• YOUR OBJECTIVE:
Find every line in the records that holds the string "Sydney". Copy each one.

• DATA LISTING:
···

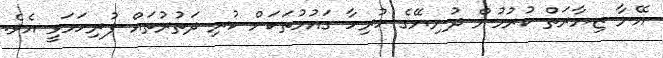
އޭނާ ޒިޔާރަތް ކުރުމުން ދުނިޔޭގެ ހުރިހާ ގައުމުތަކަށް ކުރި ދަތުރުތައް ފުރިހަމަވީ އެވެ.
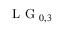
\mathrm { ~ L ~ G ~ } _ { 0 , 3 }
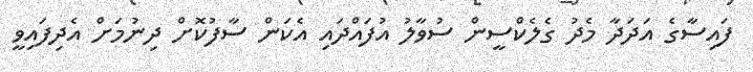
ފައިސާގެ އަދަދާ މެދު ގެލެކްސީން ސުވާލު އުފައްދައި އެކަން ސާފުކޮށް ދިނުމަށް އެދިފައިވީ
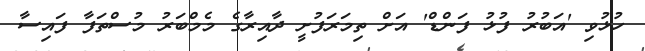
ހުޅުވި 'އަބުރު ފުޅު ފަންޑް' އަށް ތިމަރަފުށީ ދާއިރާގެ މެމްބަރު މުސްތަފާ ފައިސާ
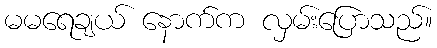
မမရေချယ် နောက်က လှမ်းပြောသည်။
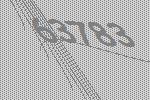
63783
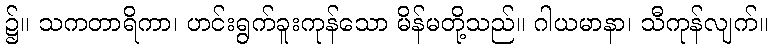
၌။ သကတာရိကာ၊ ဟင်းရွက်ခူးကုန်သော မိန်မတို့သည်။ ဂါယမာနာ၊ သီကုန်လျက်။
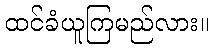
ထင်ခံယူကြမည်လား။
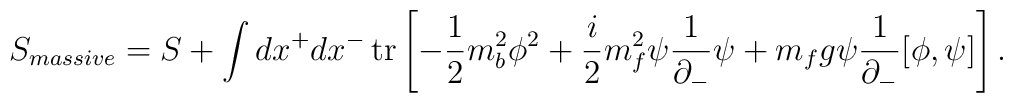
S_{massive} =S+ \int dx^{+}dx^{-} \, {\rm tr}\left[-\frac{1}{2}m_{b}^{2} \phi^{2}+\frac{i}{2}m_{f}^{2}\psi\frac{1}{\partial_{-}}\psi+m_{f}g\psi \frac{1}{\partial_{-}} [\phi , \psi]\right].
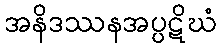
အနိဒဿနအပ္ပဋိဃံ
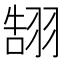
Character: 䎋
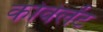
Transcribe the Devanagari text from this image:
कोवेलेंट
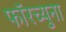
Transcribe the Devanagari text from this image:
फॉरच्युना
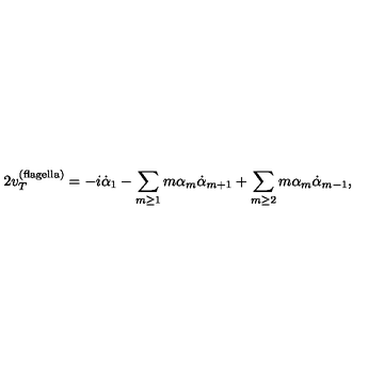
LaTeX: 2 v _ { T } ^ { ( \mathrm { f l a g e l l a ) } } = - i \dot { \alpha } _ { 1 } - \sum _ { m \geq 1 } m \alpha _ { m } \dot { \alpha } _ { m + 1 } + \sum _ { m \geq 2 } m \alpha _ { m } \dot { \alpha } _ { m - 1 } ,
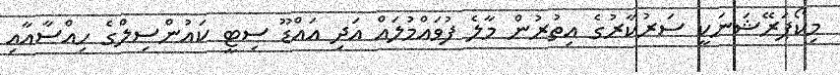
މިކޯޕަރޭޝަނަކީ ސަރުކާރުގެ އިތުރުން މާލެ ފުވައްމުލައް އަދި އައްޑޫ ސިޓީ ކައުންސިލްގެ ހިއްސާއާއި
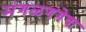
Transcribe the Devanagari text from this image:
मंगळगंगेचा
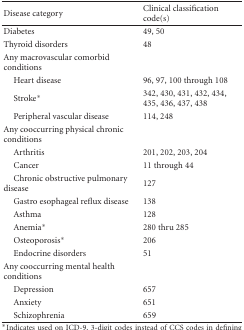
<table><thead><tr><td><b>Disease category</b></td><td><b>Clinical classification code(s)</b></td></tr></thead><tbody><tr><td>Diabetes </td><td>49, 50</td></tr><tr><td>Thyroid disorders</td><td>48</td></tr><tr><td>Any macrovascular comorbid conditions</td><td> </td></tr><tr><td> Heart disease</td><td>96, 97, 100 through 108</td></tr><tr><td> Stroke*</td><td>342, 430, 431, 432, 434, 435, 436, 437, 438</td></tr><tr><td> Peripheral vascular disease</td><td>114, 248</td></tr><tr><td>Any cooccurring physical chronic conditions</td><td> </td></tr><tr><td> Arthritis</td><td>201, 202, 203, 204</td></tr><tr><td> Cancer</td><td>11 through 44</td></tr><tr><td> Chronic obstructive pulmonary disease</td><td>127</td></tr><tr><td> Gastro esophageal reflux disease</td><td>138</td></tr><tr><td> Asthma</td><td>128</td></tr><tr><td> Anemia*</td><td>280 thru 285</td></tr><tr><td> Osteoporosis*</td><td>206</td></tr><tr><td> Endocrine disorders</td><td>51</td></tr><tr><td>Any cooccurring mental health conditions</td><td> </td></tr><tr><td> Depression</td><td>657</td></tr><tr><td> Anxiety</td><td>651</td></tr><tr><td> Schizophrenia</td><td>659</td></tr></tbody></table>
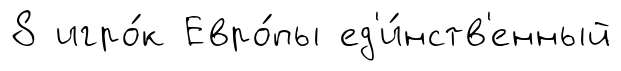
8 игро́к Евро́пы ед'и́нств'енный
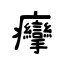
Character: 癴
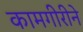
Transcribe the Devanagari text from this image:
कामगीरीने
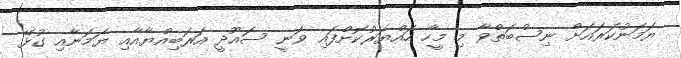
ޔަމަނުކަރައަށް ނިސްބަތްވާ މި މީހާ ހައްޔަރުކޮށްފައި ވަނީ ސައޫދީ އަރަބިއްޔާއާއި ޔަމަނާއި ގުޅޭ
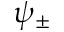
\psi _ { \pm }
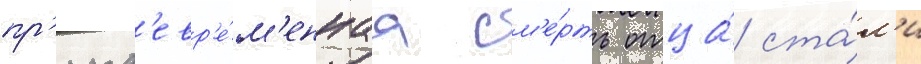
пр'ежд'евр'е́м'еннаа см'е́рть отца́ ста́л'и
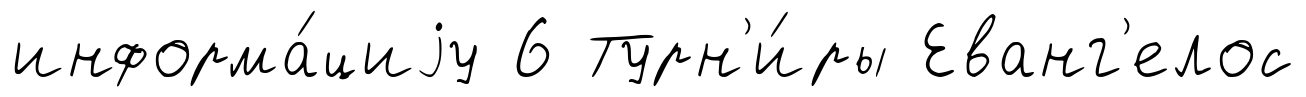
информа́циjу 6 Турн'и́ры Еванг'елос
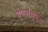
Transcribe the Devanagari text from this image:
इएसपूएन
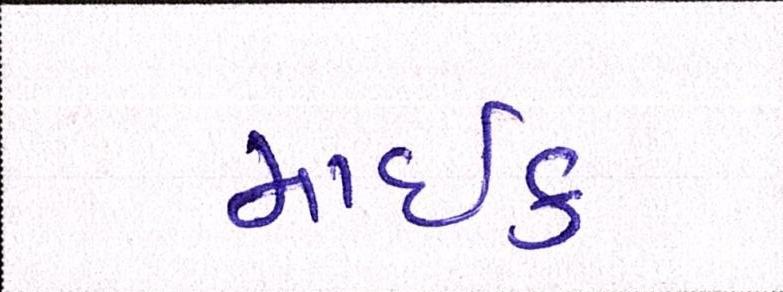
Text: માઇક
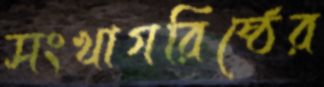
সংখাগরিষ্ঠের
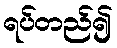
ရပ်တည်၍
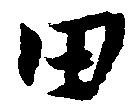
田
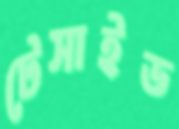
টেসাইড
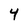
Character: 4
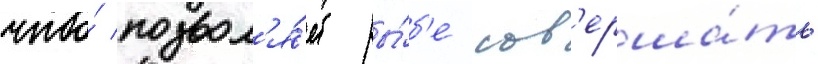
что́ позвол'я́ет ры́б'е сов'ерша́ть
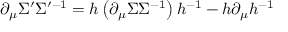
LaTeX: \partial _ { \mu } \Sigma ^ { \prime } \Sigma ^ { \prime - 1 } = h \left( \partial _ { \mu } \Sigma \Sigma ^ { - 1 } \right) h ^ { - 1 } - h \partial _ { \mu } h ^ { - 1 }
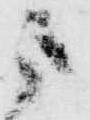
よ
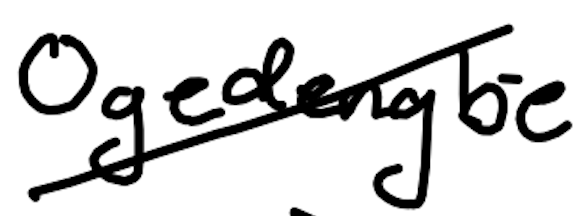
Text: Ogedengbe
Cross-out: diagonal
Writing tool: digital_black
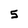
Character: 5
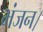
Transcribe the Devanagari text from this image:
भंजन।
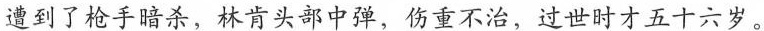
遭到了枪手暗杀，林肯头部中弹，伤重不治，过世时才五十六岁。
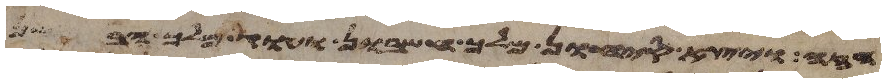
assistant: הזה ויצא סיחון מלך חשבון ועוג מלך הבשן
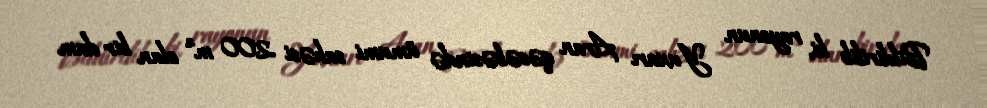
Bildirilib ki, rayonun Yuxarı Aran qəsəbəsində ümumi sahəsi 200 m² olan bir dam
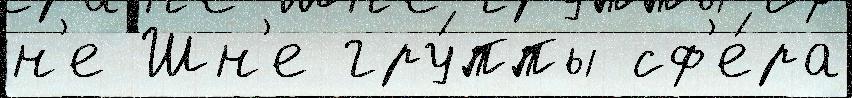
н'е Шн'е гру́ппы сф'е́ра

···

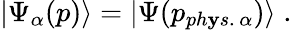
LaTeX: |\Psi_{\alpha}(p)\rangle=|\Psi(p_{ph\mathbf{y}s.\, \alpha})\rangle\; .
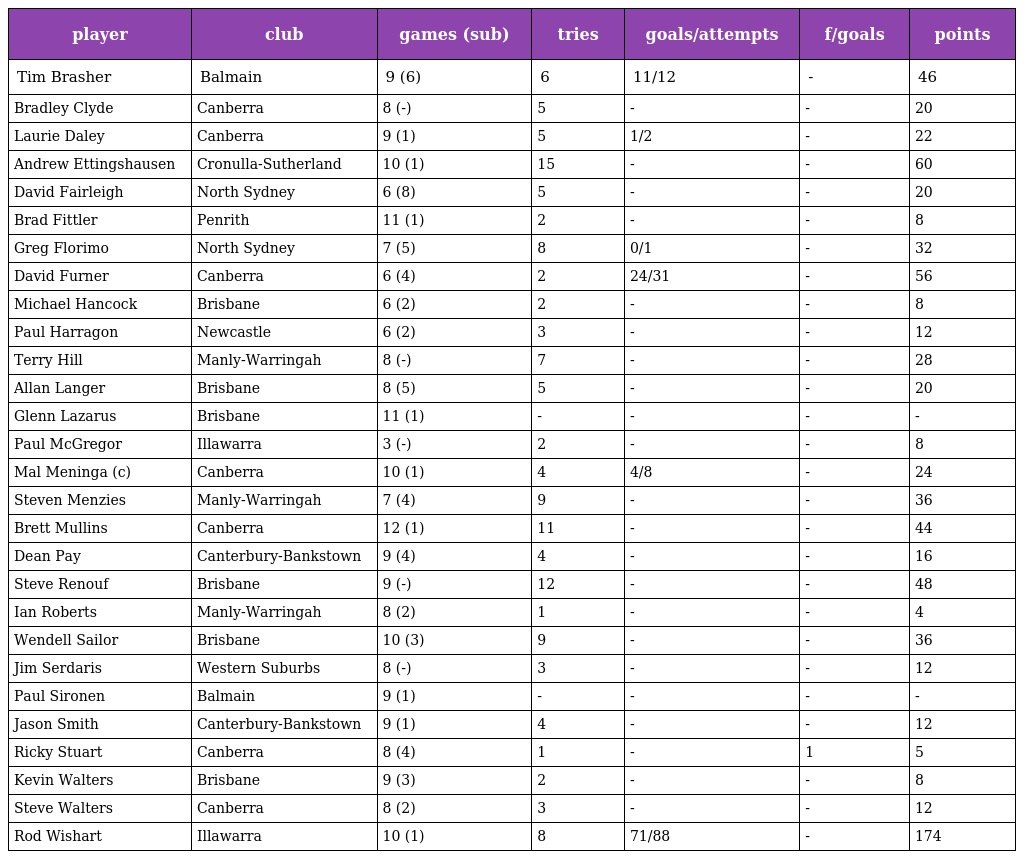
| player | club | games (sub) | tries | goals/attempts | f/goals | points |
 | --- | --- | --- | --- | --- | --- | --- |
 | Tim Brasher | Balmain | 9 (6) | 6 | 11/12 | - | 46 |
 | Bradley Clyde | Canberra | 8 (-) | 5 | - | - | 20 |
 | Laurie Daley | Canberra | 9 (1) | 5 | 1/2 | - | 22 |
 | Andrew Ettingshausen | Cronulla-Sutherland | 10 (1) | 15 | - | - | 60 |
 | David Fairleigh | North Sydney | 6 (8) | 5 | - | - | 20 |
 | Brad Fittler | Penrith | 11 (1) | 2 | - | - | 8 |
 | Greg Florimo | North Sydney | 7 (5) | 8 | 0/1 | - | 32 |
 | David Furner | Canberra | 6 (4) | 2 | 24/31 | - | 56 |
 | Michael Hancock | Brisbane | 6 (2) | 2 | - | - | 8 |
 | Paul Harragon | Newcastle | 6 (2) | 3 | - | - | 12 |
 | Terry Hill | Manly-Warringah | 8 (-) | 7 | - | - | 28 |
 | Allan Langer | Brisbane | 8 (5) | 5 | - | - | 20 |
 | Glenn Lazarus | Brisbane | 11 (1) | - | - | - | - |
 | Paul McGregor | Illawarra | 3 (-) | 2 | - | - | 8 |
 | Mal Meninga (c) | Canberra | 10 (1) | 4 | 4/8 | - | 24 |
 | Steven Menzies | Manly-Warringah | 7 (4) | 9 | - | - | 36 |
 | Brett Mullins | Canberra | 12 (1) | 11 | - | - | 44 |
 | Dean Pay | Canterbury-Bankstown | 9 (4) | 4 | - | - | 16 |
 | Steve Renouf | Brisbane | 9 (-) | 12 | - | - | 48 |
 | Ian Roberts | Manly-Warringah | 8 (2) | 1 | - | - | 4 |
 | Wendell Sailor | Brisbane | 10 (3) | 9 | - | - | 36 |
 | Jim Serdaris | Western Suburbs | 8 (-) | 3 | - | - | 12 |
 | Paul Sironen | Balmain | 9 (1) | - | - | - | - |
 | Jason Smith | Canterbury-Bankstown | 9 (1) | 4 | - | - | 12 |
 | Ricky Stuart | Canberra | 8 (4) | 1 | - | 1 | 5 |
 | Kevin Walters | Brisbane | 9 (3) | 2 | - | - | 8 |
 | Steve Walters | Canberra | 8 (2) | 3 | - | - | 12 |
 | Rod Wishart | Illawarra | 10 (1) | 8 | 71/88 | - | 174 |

···

• EXERCISE OUTPUT:
 | David Fairleigh | North Sydney | 6 (8) | 5 | - | - | 20 |
 | Greg Florimo | North Sydney | 7 (5) | 8 | 0/1 | - | 32 |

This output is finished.